Except as provided in the Investment Act, there are no limitations under the laws of Canada, the Province of Ontario or in the Registrant’s charter or any other of the Registrant’s constituent documents on the right of foreigners to hold
or vote the common shares. Under the Investment Act, the acquisition of control of a Canadian business where the applicable financial thresholds are met may be subject to review and approval by the Minister. For a brief summary of certain provisions
of the Investment Act, please see above, under “Restrictions on Share Ownership and Voting by Non-Canadians”.
The provisions of the Investment Act are complex. Any non-Canadian citizen contemplating an investment to acquire control of the Registrant should consult professional advisors as to whether and how the Investment Act might apply.
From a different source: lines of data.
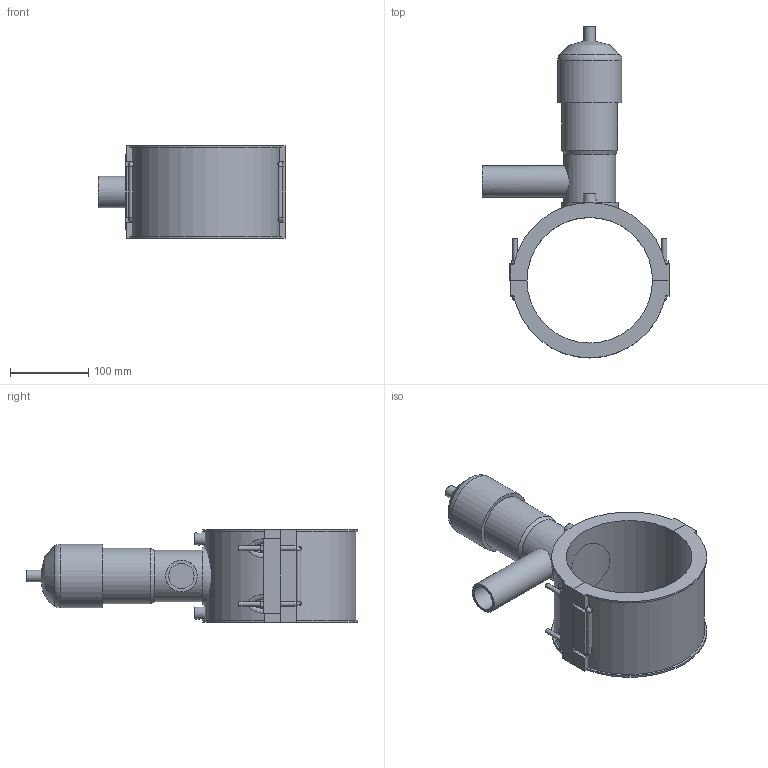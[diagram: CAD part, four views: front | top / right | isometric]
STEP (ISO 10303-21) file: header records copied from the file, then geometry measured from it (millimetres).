
FILE_DESCRIPTION(/* description */ ('PLASSON TAPPING VALVE 160-40'),/* implementation_level */ '2;1');
FILE_NAME(/* name */ '495404160040.ipt.stp',/* time_stamp */ '2017-11-06T09:19:00+02:00',/* author */ ('KIM'),/* organization */ (''),/* preprocessor_version */ 'ST-DEVELOPER v15.6',/* originating_system */ 'Autodesk Inventor 2015',/* authorisation */ '');
FILE_SCHEMA (('AUTOMOTIVE_DESIGN { 1 0 10303 214 3 1 1 }'));
Length unit declared in the file: millimetre
Products named in the file (1): 495404160040
Bounding box: 239 x 422.88 x 118 mm (x, y, z)
Volume: 2064697.3 mm3; surface area: 265365.5 mm2
Topology: 2 solids, 4 shells, 157 faces, 389 edges, 246 vertices
Faces by surface type: plane 93, cylinder 43, bspline 13, cone 7, torus 1
Full cylindrical faces by diameter (mm): 4 x2, 6 x8, 10 x2, 14.64 x1, 32 x1, 40 x1, 65.88 x1, 70.76 x1, 73.2 x1, 81.333 x1
Entity records: 5273 total; most frequent: CARTESIAN_POINT 1765, ORIENTED_EDGE 698, DIRECTION 683, EDGE_CURVE 347, VERTEX_POINT 239, AXIS2_PLACEMENT_3D 236, LINE 211, VECTOR 211

Certain Canadian Federal Income Tax Considerations
The following is a summary of the principal Canadian federal income tax considerations of the purchase, ownership and disposition of the Registrant’s Common Shares generally applicable to purchasers of Common Shares who, at all relevant
times, are residents of the U.S. for the purposes of the Convention , are not and have not been resident in Canada or deemed to be resident in Canada for purposes of the Income Tax Act (Canada), as amended to the date hereof (the “
Canadian
Tax Act
”) or any applicable income tax convention to which Canada is a signatory, hold their common shares as capital property, deal at arm’s length with and are not affiliated with the Registrant for the purposes of the Canadian Tax
Act, do not have a permanent establishment or fixed base in Canada, and do not use or hold and are not deemed to use or hold such Common Shares in the course of carrying on or being deemed to be carrying on business in Canada (for purposes of this
discussion, “
U.S. Resident Holders
”). Whether a U.S. Resident Holder holds Common Shares as capital property for purposes of the Canadian Tax Act will depend on all of the circumstances relating to the acquisition and holding of
those Common Shares. Common Shares will generally be considered to be capital property to a U.S. Resident Holder unless the Common Shares are held in the course of carrying on a business or unless that holder is engaged in an adventure in the nature of trade (i.e. speculation) with respect to such Common
Shares. Special rules, which are not discussed in this summary, may apply to :
(i) a U.S. Resident Holder that is a financial institution, as defined in the
Canadian Tax Act for purposes of the mark-to-market rules, (ii) a U.S. Resident
Holder, an interest in which would be a tax shelter investment, as defined in
the Canadian Tax Act, (iii) a U.S. Resident Holder that is a specified
financial institution, as defined in the Canadian Tax Act, (iv) a U.S. Resident
Holder that is a corporation that has elected in the prescribed form and manner
and has otherwise met the requirements to use functional currency tax reporting
as set out in the Canadian Tax Act, or (v) a U.S. Resident Holder that is a
registered non-resident insurer or an authorized foreign bank, both within
the meaning of the Canadian Tax Act. Any such U.S. Resident Holder should
consult its own tax advisor.
This summary is based upon the current provisions of the
Canadian Tax Act, the regulations thereunder, all specific proposals to amend
the Canadian Tax Act and regulations thereunder publicly announced by or on
behalf of the Minister of Finance of Canada prior to the date hereof (the
Proposals
), the provisions of the Convention as in effect on the date
hereof, and an understanding, based on publicly available published materials,
of the current administrative policies and assessing practices of the Canada
Revenue Agency as of the date hereof. Other than the Proposals, this summary
does not take into account or anticipate any changes in law, whether by
legislative, governmental or judicial action, nor does it take into account tax
laws of any province or territory of Canada or of any jurisdiction outside
Canada which may differ significantly from those discussed herein. The summary
assumes that the Proposals will be enacted substantially as proposed, but there
can be no assurance that the Proposals will be enacted as proposed or at
all.
This summary is of a general nature only and is not intended
to be, nor should it be construed to be, legal or tax advice to any particular
U.S. Resident Holder, and no representation with respect to the tax consequences
to any particular U.S. Resident Holder is made. The tax liability of a U.S.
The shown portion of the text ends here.